### PROBLEM DETAILS
Below are the entries; count how many lines contain the word "leading" and reply with that number alone.

--- INFORMATION SUPPLIED ---

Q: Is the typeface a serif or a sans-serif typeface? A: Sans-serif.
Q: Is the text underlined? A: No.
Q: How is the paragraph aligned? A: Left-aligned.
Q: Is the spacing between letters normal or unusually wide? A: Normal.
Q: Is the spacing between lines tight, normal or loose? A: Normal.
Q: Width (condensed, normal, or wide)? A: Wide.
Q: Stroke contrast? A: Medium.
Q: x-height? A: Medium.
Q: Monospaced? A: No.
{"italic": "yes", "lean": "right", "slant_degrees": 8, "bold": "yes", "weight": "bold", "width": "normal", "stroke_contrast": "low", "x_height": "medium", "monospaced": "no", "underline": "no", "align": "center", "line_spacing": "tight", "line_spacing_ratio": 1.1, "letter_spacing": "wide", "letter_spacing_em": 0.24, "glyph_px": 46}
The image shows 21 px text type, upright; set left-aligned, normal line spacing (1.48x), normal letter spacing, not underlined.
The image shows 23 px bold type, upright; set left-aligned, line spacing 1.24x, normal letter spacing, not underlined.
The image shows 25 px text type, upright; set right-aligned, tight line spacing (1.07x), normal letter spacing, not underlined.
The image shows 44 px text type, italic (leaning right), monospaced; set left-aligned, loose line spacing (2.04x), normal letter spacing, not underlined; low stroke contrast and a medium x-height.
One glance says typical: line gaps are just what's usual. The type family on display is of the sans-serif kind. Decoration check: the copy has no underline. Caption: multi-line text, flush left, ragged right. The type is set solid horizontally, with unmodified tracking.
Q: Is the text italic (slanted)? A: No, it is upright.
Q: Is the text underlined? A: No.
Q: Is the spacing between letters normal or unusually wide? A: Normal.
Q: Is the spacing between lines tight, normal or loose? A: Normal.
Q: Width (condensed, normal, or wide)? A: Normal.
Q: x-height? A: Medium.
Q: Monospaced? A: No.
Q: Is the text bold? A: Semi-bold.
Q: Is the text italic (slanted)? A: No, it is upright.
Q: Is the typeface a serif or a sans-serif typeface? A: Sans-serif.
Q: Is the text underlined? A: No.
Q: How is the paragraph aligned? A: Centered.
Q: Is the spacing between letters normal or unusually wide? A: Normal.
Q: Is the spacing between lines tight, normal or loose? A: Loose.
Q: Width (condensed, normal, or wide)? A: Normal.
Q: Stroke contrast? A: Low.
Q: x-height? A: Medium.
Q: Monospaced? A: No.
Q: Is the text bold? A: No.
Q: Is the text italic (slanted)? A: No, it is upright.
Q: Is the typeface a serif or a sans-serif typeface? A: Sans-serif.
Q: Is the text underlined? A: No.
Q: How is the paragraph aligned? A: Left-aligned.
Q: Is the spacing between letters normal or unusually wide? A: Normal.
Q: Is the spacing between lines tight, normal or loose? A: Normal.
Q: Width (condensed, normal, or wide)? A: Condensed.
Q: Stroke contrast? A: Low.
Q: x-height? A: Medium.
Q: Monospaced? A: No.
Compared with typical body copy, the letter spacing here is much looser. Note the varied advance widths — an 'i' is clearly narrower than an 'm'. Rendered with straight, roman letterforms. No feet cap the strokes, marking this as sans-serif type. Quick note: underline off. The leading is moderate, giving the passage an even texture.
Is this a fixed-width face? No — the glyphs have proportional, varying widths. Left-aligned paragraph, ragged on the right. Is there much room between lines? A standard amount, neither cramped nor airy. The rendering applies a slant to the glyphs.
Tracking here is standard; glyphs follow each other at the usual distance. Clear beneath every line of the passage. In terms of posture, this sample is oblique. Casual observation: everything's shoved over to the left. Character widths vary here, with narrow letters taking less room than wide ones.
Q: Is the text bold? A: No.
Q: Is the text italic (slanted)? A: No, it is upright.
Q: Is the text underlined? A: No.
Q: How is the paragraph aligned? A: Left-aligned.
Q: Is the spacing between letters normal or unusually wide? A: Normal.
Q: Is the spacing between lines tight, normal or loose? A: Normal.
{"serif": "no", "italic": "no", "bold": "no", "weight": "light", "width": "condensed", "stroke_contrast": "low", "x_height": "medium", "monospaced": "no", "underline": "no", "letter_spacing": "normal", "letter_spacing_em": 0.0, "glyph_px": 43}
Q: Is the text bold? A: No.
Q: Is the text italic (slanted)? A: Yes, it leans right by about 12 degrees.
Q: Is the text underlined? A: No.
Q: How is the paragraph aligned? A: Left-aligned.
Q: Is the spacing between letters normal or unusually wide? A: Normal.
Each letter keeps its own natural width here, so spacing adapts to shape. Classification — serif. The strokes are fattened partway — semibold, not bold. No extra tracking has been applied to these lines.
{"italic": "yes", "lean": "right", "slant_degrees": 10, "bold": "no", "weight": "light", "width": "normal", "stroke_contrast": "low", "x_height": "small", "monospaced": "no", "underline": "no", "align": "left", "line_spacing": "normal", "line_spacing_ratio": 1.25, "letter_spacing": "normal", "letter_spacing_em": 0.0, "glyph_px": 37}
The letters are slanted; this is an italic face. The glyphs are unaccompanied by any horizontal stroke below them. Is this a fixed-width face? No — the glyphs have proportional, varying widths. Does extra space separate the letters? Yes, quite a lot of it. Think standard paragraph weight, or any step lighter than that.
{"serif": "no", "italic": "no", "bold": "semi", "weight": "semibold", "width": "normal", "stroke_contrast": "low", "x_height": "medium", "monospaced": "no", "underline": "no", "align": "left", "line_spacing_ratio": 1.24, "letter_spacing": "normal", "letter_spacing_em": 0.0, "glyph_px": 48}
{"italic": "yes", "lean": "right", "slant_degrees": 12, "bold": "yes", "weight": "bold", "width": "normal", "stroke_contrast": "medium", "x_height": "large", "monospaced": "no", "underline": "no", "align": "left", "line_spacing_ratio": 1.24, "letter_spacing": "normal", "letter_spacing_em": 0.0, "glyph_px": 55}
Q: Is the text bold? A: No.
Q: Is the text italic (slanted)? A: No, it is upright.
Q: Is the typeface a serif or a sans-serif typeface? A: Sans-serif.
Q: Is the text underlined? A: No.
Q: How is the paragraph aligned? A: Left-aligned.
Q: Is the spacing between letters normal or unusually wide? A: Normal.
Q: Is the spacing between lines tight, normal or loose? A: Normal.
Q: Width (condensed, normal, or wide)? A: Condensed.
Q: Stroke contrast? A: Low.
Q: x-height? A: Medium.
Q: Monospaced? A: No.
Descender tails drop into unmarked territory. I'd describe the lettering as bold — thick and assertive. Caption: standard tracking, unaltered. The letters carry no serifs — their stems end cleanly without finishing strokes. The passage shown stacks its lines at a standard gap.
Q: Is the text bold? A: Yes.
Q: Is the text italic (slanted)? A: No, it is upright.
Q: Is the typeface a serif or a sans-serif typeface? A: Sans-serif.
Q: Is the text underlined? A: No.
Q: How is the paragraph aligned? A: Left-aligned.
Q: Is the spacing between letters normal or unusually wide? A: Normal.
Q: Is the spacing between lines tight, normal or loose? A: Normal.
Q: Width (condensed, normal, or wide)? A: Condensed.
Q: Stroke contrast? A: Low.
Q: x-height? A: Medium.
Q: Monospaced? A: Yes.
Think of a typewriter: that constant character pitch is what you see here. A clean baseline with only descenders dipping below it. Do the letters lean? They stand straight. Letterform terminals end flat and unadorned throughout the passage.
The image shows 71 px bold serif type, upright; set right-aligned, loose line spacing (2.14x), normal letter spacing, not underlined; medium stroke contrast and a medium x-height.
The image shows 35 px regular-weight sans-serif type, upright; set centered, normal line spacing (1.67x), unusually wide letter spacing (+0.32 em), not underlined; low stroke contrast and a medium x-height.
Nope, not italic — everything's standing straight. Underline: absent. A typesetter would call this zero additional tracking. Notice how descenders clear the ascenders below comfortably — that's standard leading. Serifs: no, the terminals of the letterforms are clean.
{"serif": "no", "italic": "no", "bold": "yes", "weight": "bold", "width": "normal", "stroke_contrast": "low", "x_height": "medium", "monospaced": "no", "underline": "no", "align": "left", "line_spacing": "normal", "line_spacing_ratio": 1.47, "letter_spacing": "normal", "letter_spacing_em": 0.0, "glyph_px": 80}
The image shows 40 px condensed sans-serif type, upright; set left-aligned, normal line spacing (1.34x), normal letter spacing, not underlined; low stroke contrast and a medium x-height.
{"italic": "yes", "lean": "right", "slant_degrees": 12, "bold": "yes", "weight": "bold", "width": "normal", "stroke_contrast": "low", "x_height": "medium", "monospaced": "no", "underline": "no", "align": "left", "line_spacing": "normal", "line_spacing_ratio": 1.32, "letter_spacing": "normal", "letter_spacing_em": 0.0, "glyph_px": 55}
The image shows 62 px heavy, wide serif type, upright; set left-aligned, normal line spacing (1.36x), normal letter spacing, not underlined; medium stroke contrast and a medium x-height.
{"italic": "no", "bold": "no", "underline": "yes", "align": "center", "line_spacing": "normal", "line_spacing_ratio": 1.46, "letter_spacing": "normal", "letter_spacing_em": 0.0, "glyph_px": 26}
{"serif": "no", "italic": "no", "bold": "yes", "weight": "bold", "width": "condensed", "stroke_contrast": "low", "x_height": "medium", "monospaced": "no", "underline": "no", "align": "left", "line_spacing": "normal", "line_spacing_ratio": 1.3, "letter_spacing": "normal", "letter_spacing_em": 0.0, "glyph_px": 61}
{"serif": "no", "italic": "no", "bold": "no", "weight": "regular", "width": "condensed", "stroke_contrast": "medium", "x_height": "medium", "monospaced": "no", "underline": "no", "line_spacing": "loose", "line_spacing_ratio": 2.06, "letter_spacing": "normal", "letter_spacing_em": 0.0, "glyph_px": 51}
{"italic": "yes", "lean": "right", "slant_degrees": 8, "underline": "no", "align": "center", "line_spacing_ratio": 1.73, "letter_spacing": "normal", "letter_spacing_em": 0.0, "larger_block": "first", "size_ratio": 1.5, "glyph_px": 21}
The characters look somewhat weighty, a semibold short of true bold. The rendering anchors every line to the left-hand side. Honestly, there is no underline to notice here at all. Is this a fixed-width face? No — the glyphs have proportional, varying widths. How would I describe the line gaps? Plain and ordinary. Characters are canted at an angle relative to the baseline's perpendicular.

---

### EXPECTED OUTPUT
2